Tuesday, July 19, 2022

White-Blue-White Flag of Novgorod Allowing Russian Opposition to Root Itself in a National Tradition But One at Odds with Moscow

Paul Goble

            Staunton, June 27 – One of the most striking and important developments in the Russian opposition movement in recent times has been the acceptance of the white-blue-white flag associated with Novgorod, an acceptance that has allowed the Russian opposition to stake a claim to be part of a Russian national tradition, albeit one at odds with the Kremlin.

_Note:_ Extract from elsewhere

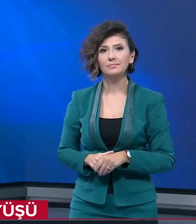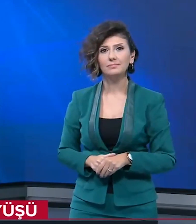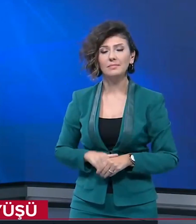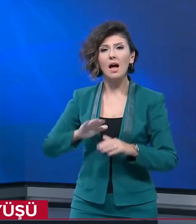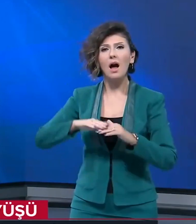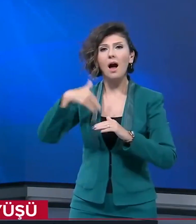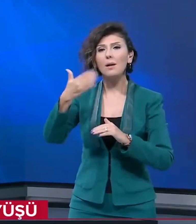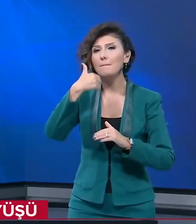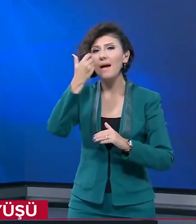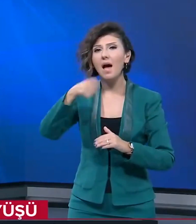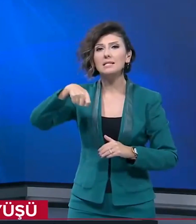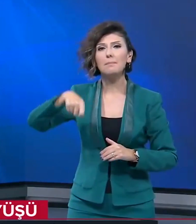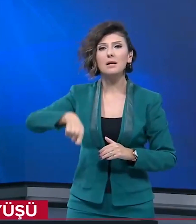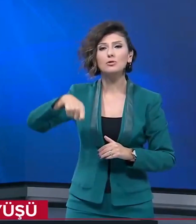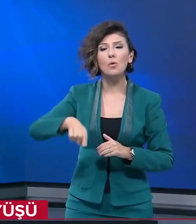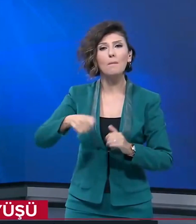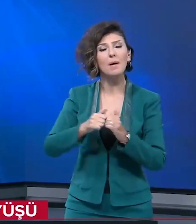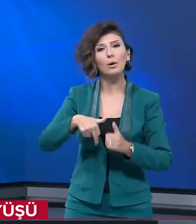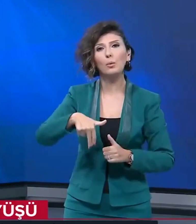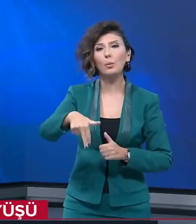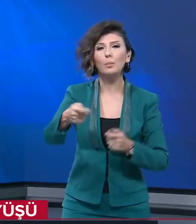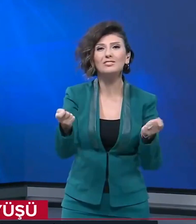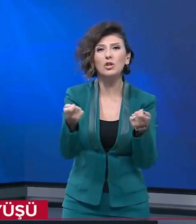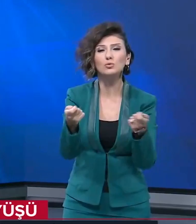Ardından beyaz bastonla yürümeye çalıştılar.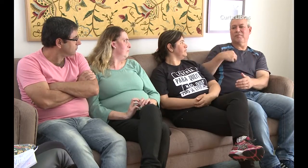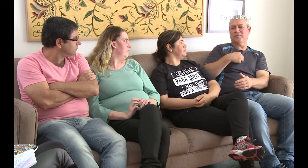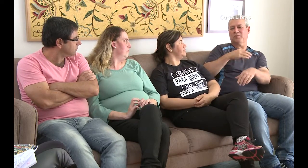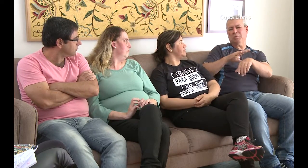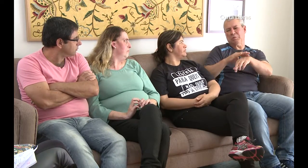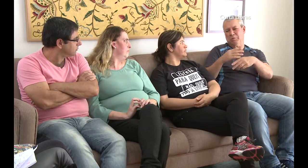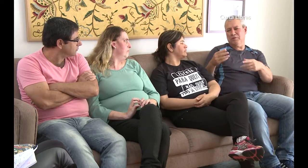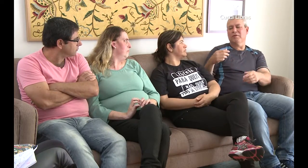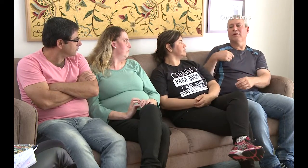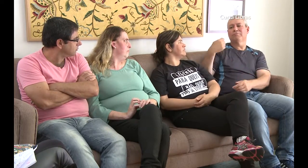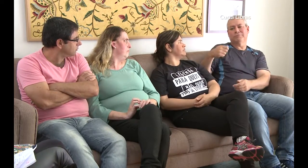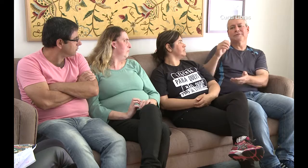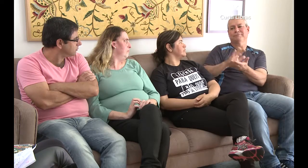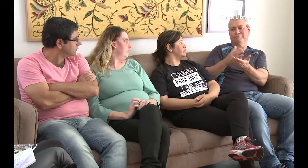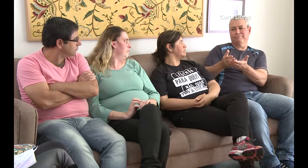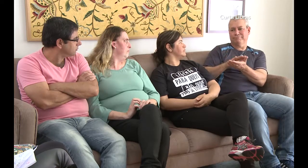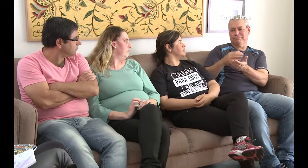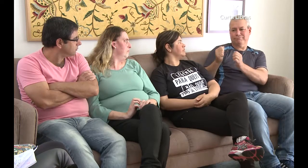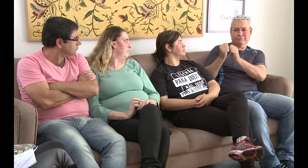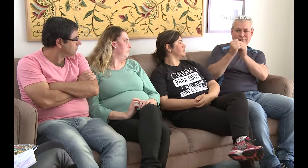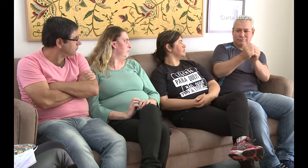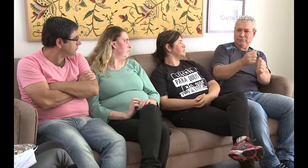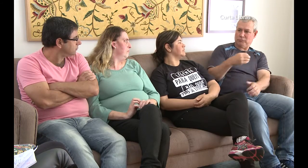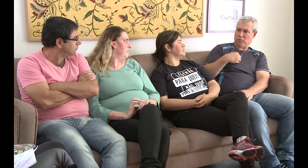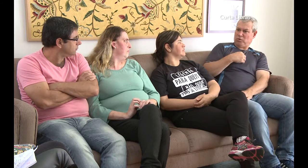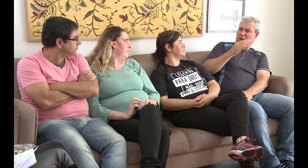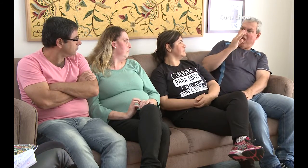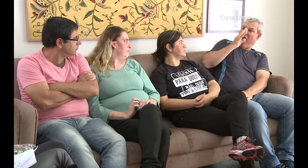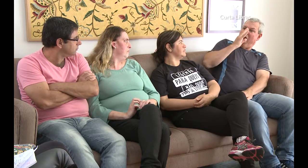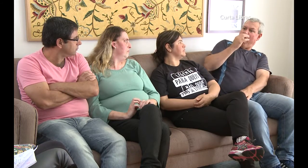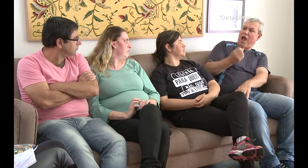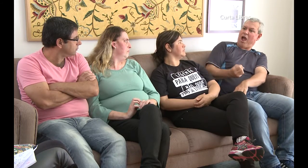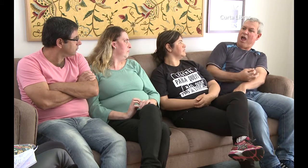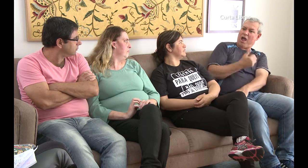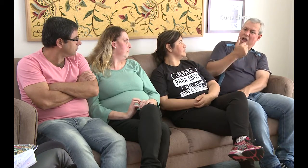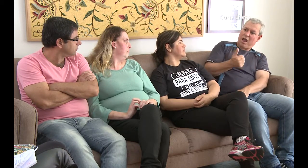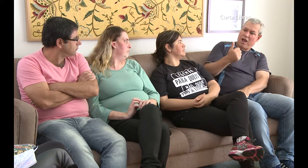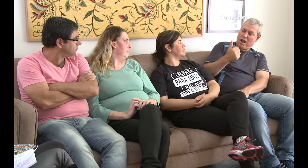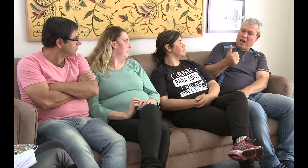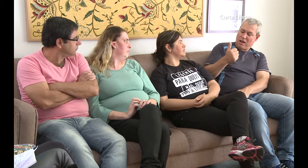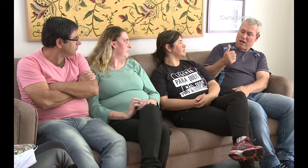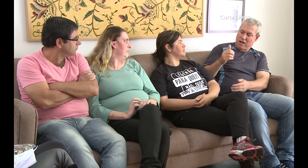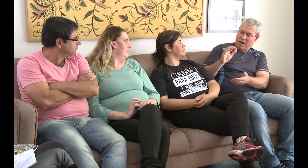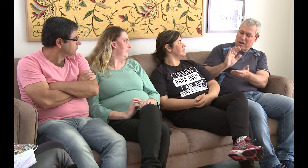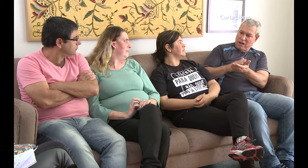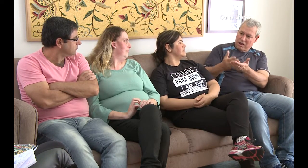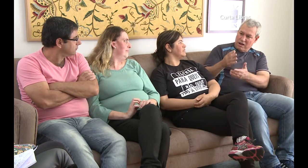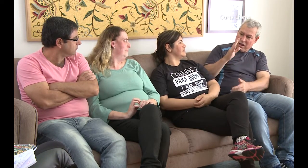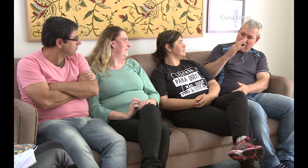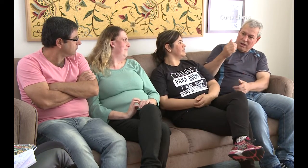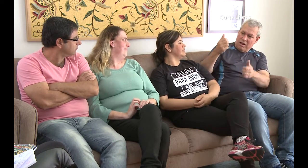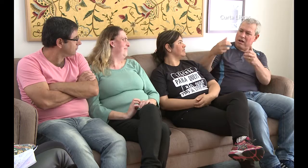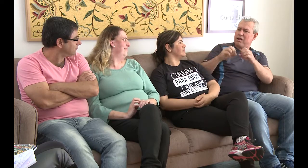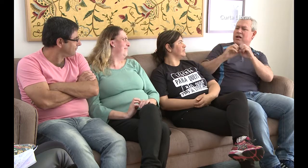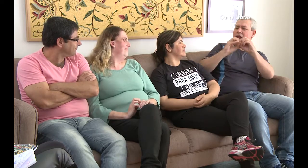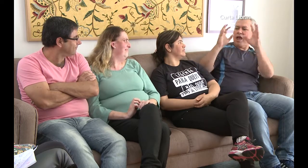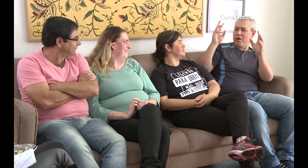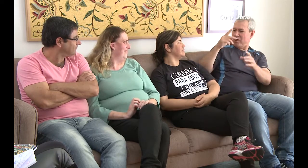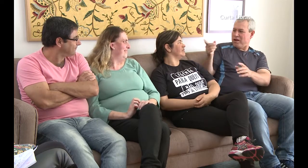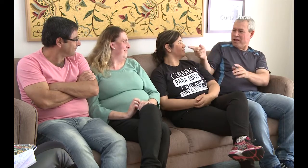ou quando a Leda estava grávida, sempre íamos com o intérprete. E o médico ficava admirado com isso, pois com o intérprete ficava tudo muito esclarecido para nós.

            Stanislav Rudkovsky, a leader of the Russian Libertarian Party, says that in Russia, history remains “politics projected onto the past” and thus it is important for the opposition to link itself to the past rather than to allow the Putin regime to stake total claim to it (forumfreerussia.org/main/2022-07-11/novgorodskij-narrativ-v-istorii-i-simvolike).

            For a long time, he points out, Russian democrats have pointed to the Novgorod tradition of democracy and a focus on trade rather than aggression as emblematic of what they stand for. But until they began using the flag associated with Novgorod, even though this flag appeared only in the 1990s, this did not capture the minds of their followers.

            But now across Russia and among Russian democratic emigres, the flag is a key symbol of this alternative Russian history, especially now when its mercantilist approach to life stands in sharp contrast to the militarism and aggressiveness of the Putin regime on view in Ukraine and elsewhere.

            “In general,” Rudkovsky says, “the new flag embodies the rejection of two fundamental and negative features of [officially supported] Russian statehood – authoritarianism and military expansion.” But more than that, it is something that has emerged from below rather than being imposed from above and lacks even a single standard for the blue used.

            Despite that, the Novgorodian white-blue-white flag has been adopted by the Free Russia Forum in Vilnius, the Decembrist movement in Berlin, the Democrats-Yes group in Berlin, Culturus in Prague, Solidarity/Free Russia in Berlin, and For a Free Russia in Warsaw. And it is increasingly recognized by European parliamentarians.